Density Functional Theory Computations and Experimental Analyses to Highlight the Degradation of Reactive Black 5 Dye


Yıldız S., Canbaz G., Kaya S., Maslov M. M.

Chemical Engineering and Technology, cilt.46, sa.10, ss.2133-2140, 2023 (SCI-Expanded) identifier

  • Yayın Türü: Makale / Tam Makale
  • Cilt numarası: 46 Sayı: 10
  • Basım Tarihi: 2023
  • Doi Numarası: 10.1002/ceat.202300120
  • Dergi Adı: Chemical Engineering and Technology
  • Derginin Tarandığı İndeksler: Science Citation Index Expanded (SCI-EXPANDED), Scopus, Academic Search Premier, Aerospace Database, Applied Science & Technology Source, Biotechnology Research Abstracts, Chemical Abstracts Core, Chimica, Communication Abstracts, Compendex, INSPEC, Metadex, Civil Engineering Abstracts
  • Sayfa Sayıları: ss.2133-2140
  • Anahtar Kelimeler: Advanced oxidation process, Degradation, Density functional theory, Reactive Black 5
  • Sivas Cumhuriyet Üniversitesi Adresli: Evet

Özet

The oxidative degradation of Reactive Black 5 (RB5) in aqueous solution was investigated using Fenton (FP), photo Fenton (P-FP), sono Fenton (S-FP), and sono photo Fenton (S-P-FP) processes.
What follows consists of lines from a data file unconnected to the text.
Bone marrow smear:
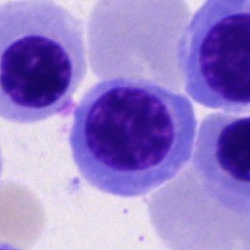The classification is nucleated red cell.
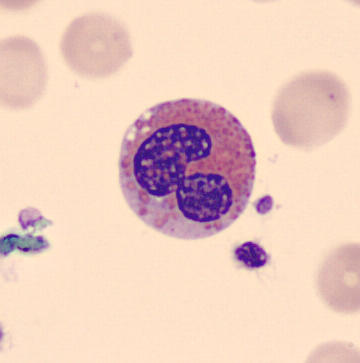

Preparation: Peripheral blood film.
Classification — eosinophilic granulocyte.
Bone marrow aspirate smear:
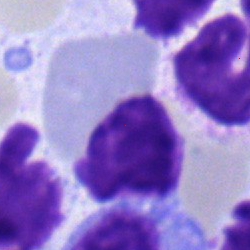 A normoblast.
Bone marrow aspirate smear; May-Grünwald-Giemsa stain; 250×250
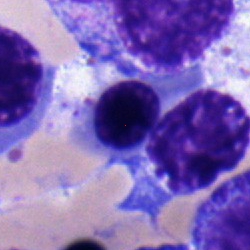
Q: What cell is this?
A: A typical lymphocyte.
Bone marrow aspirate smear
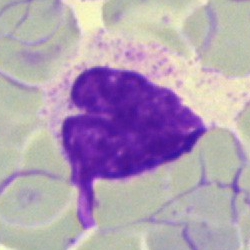

This is an artifact.
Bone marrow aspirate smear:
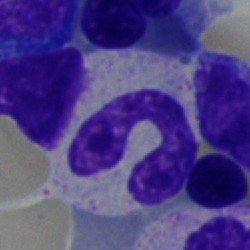Specimen: bone marrow smear.
Cell type: band-form neutrophil.
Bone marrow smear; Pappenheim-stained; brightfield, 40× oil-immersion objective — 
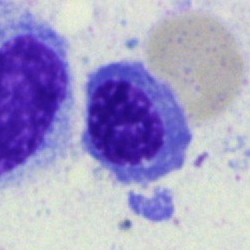 A normoblast.
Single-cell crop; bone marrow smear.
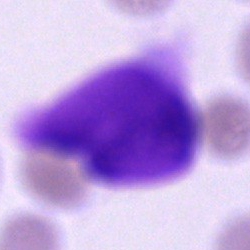Specimen: bone marrow smear.
Cell type: artifact.
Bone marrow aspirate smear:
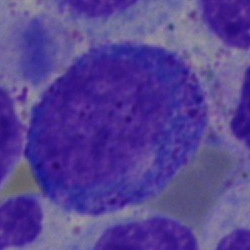Cell — progranulocyte.
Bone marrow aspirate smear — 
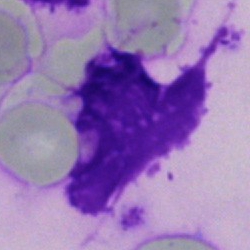
An artefact.
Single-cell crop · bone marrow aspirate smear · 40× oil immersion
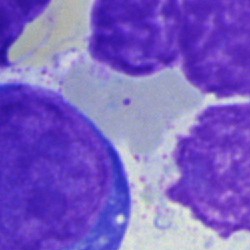
Specimen: bone marrow aspirate smear.
Cell: pronormoblast.
Lineage: erythroid.
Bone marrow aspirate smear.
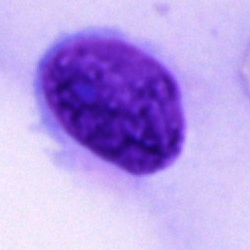An artifact.
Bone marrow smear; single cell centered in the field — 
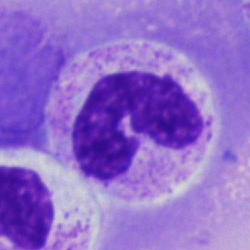
Single cell identified as a band neutrophil.
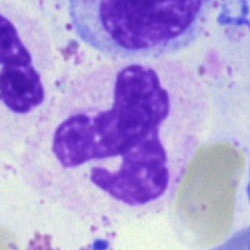Bone marrow aspirate smear, single cell — segmented neutrophil.
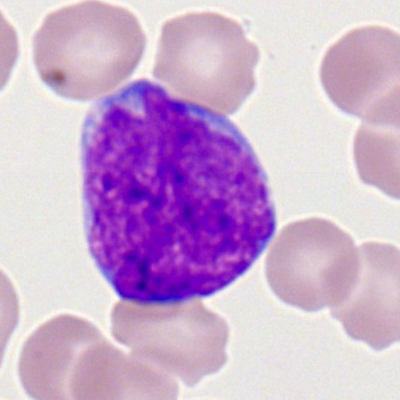 Classification = myeloid blast.
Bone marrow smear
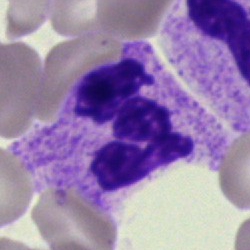

Q: What is the morphological classification of this cell?
A: A neutrophil (segmented).

Degradation experiments showed efficient dye degradation for FP, P-FP, S-FP, and S-P-FP under optimal conditions. The half-life values of the reaction calculated for first-order reaction kinetics showed that the S-FP process is faster than the FP and P-FP processes. Using DFT calculations, the chemical reactivities of the studied chemical systems were analyzed. Especially the calculated chemical hardness values reflect the reactivities of the dye and the dye-Fe2+ complex. The calculated binding energy between the Fe2+ ion and RB5 of 15.836 eV is compatible with the prediction made in the light of the principle of hard and soft acids and bases. The computed data supported the experimental observations.